▸ Assignment: Lines with the word "Supported" in them must be copied from the records below.

Dataset excerpts
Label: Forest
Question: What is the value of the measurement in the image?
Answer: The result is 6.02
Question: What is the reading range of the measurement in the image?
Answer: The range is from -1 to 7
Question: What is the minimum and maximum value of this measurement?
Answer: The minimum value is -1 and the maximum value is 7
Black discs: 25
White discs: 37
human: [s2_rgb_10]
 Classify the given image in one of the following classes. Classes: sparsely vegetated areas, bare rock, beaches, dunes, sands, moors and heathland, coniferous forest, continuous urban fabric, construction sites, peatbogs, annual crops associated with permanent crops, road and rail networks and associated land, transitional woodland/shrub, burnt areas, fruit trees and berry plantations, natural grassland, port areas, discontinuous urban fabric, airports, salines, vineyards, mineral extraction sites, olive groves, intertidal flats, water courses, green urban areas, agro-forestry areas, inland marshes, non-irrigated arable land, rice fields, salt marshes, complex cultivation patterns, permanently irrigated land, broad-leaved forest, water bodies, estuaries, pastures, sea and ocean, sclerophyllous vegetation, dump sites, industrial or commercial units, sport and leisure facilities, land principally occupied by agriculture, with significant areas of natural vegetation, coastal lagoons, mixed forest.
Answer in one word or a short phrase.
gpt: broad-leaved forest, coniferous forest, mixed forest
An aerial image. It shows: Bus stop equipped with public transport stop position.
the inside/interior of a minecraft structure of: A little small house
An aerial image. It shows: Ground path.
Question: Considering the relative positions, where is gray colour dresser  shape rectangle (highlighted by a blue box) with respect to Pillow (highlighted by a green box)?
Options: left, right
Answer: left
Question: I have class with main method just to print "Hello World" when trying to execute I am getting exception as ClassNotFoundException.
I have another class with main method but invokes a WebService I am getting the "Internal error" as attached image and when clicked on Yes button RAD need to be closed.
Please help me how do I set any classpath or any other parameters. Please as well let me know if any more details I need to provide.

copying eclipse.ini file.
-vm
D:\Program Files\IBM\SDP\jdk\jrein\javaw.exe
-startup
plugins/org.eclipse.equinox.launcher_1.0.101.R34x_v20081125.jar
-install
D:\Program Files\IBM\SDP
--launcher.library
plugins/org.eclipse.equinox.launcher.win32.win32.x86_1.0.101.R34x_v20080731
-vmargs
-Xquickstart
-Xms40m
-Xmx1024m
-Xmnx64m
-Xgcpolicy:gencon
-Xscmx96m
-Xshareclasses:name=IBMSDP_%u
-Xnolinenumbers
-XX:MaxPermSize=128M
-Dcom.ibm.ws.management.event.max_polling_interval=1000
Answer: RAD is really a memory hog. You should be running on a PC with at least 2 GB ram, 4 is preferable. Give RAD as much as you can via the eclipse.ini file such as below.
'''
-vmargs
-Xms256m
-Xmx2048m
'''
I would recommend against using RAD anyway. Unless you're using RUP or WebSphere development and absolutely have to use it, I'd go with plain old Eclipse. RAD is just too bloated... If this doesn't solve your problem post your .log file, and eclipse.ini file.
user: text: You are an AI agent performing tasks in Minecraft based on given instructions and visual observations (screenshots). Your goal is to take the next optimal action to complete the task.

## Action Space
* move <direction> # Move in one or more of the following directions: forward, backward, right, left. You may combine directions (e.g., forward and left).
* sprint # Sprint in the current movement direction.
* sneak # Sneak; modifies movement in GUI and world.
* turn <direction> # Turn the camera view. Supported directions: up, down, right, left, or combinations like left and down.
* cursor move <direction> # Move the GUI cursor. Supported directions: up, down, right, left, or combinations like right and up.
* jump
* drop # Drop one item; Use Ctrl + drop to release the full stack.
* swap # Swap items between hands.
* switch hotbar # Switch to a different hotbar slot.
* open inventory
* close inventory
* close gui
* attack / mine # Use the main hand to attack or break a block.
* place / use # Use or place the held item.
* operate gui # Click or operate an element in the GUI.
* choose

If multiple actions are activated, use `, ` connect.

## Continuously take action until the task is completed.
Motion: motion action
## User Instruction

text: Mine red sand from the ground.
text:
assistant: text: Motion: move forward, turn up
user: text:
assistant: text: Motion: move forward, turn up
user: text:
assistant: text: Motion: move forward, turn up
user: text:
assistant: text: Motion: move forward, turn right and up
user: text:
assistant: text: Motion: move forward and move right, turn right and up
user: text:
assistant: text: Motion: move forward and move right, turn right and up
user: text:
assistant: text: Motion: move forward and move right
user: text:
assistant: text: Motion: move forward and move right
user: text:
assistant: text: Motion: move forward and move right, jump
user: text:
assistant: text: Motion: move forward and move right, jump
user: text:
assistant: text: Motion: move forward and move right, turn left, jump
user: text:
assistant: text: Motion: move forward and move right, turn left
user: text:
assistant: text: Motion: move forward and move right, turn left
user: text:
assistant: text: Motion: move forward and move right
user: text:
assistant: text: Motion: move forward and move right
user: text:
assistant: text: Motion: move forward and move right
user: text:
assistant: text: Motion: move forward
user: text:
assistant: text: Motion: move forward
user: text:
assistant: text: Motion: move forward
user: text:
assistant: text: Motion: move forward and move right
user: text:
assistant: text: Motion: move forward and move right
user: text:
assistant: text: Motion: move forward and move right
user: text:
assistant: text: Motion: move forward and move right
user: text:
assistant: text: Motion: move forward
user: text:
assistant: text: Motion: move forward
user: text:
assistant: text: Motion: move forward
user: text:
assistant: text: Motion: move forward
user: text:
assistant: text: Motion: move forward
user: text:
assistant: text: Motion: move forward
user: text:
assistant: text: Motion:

▸ Exercise response:
* turn <direction> # Turn the camera view. Supported directions: up, down, right, left, or combinations like left and down.
* cursor move <direction> # Move the GUI cursor. Supported directions: up, down, right, left, or combinations like right and up.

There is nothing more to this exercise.